Vascular and metabolic responses to adrenergic stimulation in isolated canine subcutaneous adipose tissue at normal and reduced temperature.

Abstract

The circulatory and metabolic effects of temperature reduction were studied in autoperfused canine subcutaneous adipose tissue in situ. Cooling the adipose tissue sufficiently to reduce venous effluent temperature by 5-6.degree. C decreased blood flow from an average of 6.4-4.1 ml .cntdot. min-1 .cntdot. 100 g-1. Vasoconstrictor responses to sympathetic nerve stimulation (4 Hz) and injected noradrenaline [norepinephrine] (5 n mole) were potentiated by cooling while vasodilator components of the vascular responses, such as autoregulatory escape and post-stimulatory hyperemia, were virtually abolished by this treatment. Oxygen uptake was reduced by cooling without signs of tissue hypoxia. This reduced O2 demand may partly cause the decrease in adipose tissue blood flow. Cooling inhibited glycerol mobilization from the adipose tissue during sympathetic nerve stimulation. Post-stimulatory lipolysis was not inhibited. In vitro studies with perifused rat fat cells suggest this may be due to impaired inactivation of the lipolytic process, rather than to changes in transmitter removal, following stimulation at low temperature.
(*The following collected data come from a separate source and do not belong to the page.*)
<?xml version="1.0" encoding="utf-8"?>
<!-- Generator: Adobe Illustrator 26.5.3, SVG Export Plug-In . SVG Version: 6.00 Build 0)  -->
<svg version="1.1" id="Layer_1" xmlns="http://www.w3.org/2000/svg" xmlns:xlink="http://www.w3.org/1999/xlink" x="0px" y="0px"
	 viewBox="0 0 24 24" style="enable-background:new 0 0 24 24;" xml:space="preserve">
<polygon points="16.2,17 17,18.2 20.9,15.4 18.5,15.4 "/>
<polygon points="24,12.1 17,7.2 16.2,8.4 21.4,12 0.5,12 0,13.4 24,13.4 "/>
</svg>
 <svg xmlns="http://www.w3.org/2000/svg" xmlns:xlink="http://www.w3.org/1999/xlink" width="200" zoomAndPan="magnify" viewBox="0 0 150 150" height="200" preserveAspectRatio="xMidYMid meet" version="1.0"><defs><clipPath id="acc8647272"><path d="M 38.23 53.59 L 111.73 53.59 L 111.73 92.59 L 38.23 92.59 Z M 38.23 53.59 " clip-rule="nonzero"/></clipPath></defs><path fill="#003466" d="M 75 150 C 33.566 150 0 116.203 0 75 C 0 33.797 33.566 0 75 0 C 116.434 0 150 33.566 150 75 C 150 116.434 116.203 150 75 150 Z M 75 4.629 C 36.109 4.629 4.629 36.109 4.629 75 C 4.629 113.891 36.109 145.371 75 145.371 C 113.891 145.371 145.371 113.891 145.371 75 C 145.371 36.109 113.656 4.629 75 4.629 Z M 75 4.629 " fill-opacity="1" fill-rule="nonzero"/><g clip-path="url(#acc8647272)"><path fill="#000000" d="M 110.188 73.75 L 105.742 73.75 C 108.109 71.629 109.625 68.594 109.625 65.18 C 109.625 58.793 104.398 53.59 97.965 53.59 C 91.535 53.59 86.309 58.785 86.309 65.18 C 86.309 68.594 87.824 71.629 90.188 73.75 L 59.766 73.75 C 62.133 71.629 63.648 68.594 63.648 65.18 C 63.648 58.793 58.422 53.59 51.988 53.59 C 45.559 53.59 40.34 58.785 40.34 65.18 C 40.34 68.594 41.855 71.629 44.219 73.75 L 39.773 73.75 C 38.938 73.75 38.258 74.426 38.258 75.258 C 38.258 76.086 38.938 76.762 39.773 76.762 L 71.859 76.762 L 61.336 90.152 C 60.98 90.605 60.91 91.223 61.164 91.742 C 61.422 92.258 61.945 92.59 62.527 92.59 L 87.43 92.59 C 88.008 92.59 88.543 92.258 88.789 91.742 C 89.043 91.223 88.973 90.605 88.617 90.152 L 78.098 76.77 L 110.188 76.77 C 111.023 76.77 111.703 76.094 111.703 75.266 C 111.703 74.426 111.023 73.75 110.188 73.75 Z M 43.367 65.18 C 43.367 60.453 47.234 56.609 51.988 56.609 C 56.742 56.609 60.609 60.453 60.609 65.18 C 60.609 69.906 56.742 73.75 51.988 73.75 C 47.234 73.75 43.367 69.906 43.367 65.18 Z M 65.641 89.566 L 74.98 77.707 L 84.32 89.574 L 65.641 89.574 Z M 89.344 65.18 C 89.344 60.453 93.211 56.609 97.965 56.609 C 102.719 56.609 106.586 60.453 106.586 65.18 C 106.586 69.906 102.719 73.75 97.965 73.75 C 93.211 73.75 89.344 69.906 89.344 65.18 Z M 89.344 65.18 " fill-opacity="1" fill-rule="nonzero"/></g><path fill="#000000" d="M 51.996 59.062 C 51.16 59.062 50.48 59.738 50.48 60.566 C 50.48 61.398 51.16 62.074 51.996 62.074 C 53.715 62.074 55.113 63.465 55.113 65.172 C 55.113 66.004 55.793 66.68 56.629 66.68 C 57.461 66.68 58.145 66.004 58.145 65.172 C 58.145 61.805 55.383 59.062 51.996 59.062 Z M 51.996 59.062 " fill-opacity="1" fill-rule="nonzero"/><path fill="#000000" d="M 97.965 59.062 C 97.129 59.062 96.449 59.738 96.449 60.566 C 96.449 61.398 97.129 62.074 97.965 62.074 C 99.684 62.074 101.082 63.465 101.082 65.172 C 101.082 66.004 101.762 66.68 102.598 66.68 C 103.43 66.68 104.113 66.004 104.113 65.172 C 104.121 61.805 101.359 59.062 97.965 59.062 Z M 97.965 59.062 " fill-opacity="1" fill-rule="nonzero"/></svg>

Cooling inhibited the mobilization of fatty acids more than that of glycerol, suggesting increased re-esterification of fatty acids within the tissue at low temperature. Cooling apparently increases the sensitivity to vasoconstrictor stimuli and inhibition of metabolic vasodilator mechanisms play a role for this effect. The simultaneous inhibition of activating and inactivating mechanisms could explain the unchanged vascular and lipolytic responses to brief stimuli. Some possible implications of the present findings for the physiology of adipose tissue during cooling are discussed.